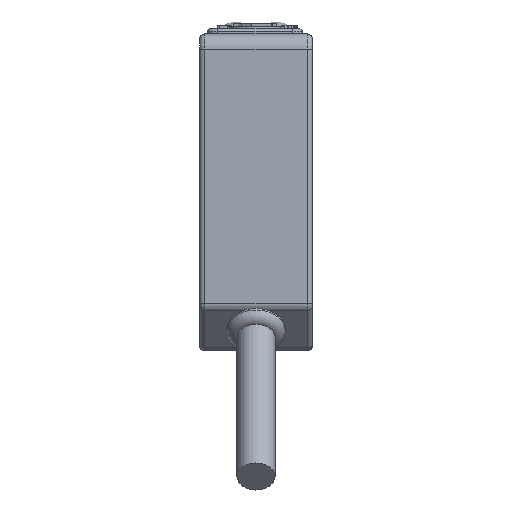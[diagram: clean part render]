
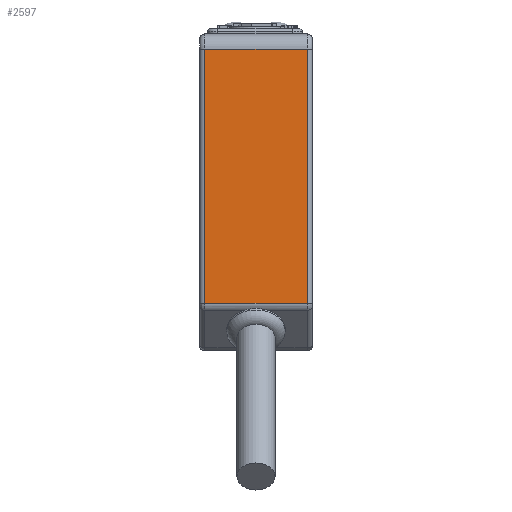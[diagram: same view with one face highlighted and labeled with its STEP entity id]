
A CAD part, front view. The second image highlights one B-rep face of the part: STEP entity #2597.
In plain terms, the highlighted planar face has unit normal (0, -1, 0).
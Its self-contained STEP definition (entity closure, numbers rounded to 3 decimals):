
#2322=FACE_OUTER_BOUND('',#3404,.T.);
#2597=ADVANCED_FACE('',(#2322),#2828,.F.);
#2828=PLANE('',#7119);
#3404=EDGE_LOOP('',(#4127,#4128,#4129,#4130));
#4127=ORIENTED_EDGE('',*,*,#5777,.T.);
#4128=ORIENTED_EDGE('',*,*,#5778,.T.);
#4129=ORIENTED_EDGE('',*,*,#5779,.T.);
#4130=ORIENTED_EDGE('',*,*,#5780,.T.);
#5234=VERTEX_POINT('',#27266);
#5235=VERTEX_POINT('',#27267);
#5236=VERTEX_POINT('',#27269);
#5237=VERTEX_POINT('',#27271);
#5777=EDGE_CURVE('',#5234,#5235,#6327,.T.);
#5778=EDGE_CURVE('',#5235,#5236,#6328,.T.);
#5779=EDGE_CURVE('',#5236,#5237,#6329,.T.);
#5780=EDGE_CURVE('',#5237,#5234,#6330,.T.);
#6327=LINE('',#27265,#6672);
#6328=LINE('',#27268,#6673);
#6329=LINE('',#27270,#6674);
#6330=LINE('',#27272,#6675);
#6672=VECTOR('',#7968,1.);
#6673=VECTOR('',#7969,1.);
#6674=VECTOR('',#7970,1.);
#6675=VECTOR('',#7971,1.);
#7119=AXIS2_PLACEMENT_3D('',#27273,#7972,#7973);
#7968=DIRECTION('',(0.,0.,1.));
#7969=DIRECTION('',(-1.,0.,0.));
#7970=DIRECTION('',(0.,0.,-1.));
#7971=DIRECTION('',(1.,0.,0.));
#7972=DIRECTION('',(0.,1.,0.));
#7973=DIRECTION('',(0.,0.,-1.));
#27265=CARTESIAN_POINT('',(50.15,-45.,-12.5));
#27266=CARTESIAN_POINT('',(50.15,-45.,-11.));
#27267=CARTESIAN_POINT('',(50.15,-45.,14.25));
#27268=CARTESIAN_POINT('',(39.65,-45.,14.25));
#27269=CARTESIAN_POINT('',(39.95,-45.,14.25));
#27270=CARTESIAN_POINT('',(39.95,-45.,-9.586));
#27271=CARTESIAN_POINT('',(39.95,-45.,-11.));
#27272=CARTESIAN_POINT('',(39.65,-45.,-11.));
#27273=CARTESIAN_POINT('',(39.65,-45.,-12.5));
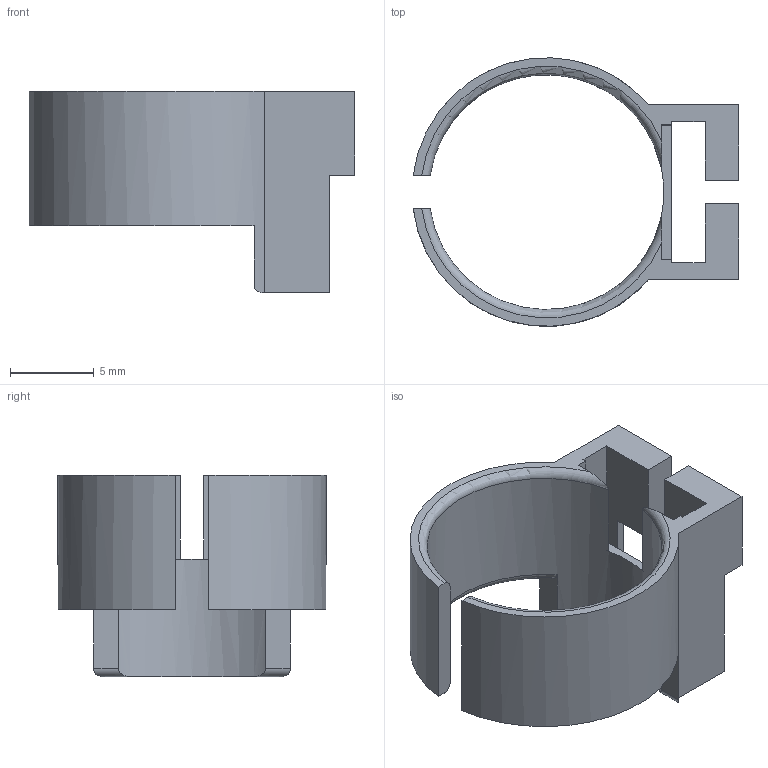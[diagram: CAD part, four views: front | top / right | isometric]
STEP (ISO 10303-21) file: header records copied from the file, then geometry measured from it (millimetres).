
FILE_DESCRIPTION(('FreeCAD Model'),'2;1');
FILE_NAME('Open CASCADE Shape Model','2024-07-31T23:19:17',('Author'),( ''),'Open CASCADE STEP processor 7.6','FreeCAD','Unknown');
FILE_SCHEMA(('AUTOMOTIVE_DESIGN { 1 0 10303 214 1 1 1 1 }'));
Length unit declared in the file: millimetre
Products named in the file (2): Part1; SOLID
Assembly tree (1 placements, depth 2):
  Part1
    SOLID
Bounding box: 19.39 x 15.99 x 12 mm (x, y, z)
Volume: 538.2 mm3; surface area: 1203 mm2
Topology: 1 solids, 1 shells, 46 faces, 127 edges, 83 vertices
Faces by surface type: plane 37, cylinder 5, torus 4
Entity records: 1570 total; most frequent: CARTESIAN_POINT 372, ORIENTED_EDGE 254, DIRECTION 224, EDGE_CURVE 127, LINE 94, VECTOR 94, VERTEX_POINT 83, AXIS2_PLACEMENT_3D 65

──────────

- **Exercise requirements**
In your copy, restate the data above word for word but leave out any picture.

- **Expected output**
[diagram: clean part render]
[diagram: same view with one face highlighted and labeled with its STEP entity id]
A CAD part, front view. The second image highlights one B-rep face of the part: STEP entity #2597.
In plain terms, the highlighted planar face has unit normal (0, -1, 0).
Its self-contained STEP definition (entity closure, numbers rounded to 3 decimals):
#2322=FACE_OUTER_BOUND('',#3404,.T.);
#2597=ADVANCED_FACE('',(#2322),#2828,.F.);
#2828=PLANE('',#7119);
#3404=EDGE_LOOP('',(#4127,#4128,#4129,#4130));
#4127=ORIENTED_EDGE('',*,*,#5777,.T.);
#4128=ORIENTED_EDGE('',*,*,#5778,.T.);
#4129=ORIENTED_EDGE('',*,*,#5779,.T.);
#4130=ORIENTED_EDGE('',*,*,#5780,.T.);
#5234=VERTEX_POINT('',#27266);
#5235=VERTEX_POINT('',#27267);
#5236=VERTEX_POINT('',#27269);
#5237=VERTEX_POINT('',#27271);
#5777=EDGE_CURVE('',#5234,#5235,#6327,.T.);
#5778=EDGE_CURVE('',#5235,#5236,#6328,.T.);
#5779=EDGE_CURVE('',#5236,#5237,#6329,.T.);
#5780=EDGE_CURVE('',#5237,#5234,#6330,.T.);
#6327=LINE('',#27265,#6672);
#6328=LINE('',#27268,#6673);
#6329=LINE('',#27270,#6674);
#6330=LINE('',#27272,#6675);
#6672=VECTOR('',#7968,1.);
#6673=VECTOR('',#7969,1.);
#6674=VECTOR('',#7970,1.);
#6675=VECTOR('',#7971,1.);
#7119=AXIS2_PLACEMENT_3D('',#27273,#7972,#7973);
#7968=DIRECTION('',(0.,0.,1.));
#7969=DIRECTION('',(-1.,0.,0.));
#7970=DIRECTION('',(0.,0.,-1.));
#7971=DIRECTION('',(1.,0.,0.));
#7972=DIRECTION('',(0.,1.,0.));
#7973=DIRECTION('',(0.,0.,-1.));
#27265=CARTESIAN_POINT('',(50.15,-45.,-12.5));
#27266=CARTESIAN_POINT('',(50.15,-45.,-11.));
#27267=CARTESIAN_POINT('',(50.15,-45.,14.25));
#27268=CARTESIAN_POINT('',(39.65,-45.,14.25));
#27269=CARTESIAN_POINT('',(39.95,-45.,14.25));
#27270=CARTESIAN_POINT('',(39.95,-45.,-9.586));
#27271=CARTESIAN_POINT('',(39.95,-45.,-11.));
#27272=CARTESIAN_POINT('',(39.65,-45.,-11.));
#27273=CARTESIAN_POINT('',(39.65,-45.,-12.5));
[diagram: CAD part, four views: front | top / right | isometric]
STEP (ISO 10303-21) file: header records copied from the file, then geometry measured from it (millimetres).
FILE_DESCRIPTION(('FreeCAD Model'),'2;1');
FILE_NAME('Open CASCADE Shape Model','2024-07-31T23:19:17',('Author'),( ''),'Open CASCADE STEP processor 7.6','FreeCAD','Unknown');
FILE_SCHEMA(('AUTOMOTIVE_DESIGN { 1 0 10303 214 1 1 1 1 }'));
Length unit declared in the file: millimetre
Products named in the file (2): Part1; SOLID
Assembly tree (1 placements, depth 2):
  Part1
    SOLID
Bounding box: 19.39 x 15.99 x 12 mm (x, y, z)
Volume: 538.2 mm3; surface area: 1203 mm2
Topology: 1 solids, 1 shells, 46 faces, 127 edges, 83 vertices
Faces by surface type: plane 37, cylinder 5, torus 4
Entity records: 1570 total; most frequent: CARTESIAN_POINT 372, ORIENTED_EDGE 254, DIRECTION 224, EDGE_CURVE 127, LINE 94, VECTOR 94, VERTEX_POINT 83, AXIS2_PLACEMENT_3D 65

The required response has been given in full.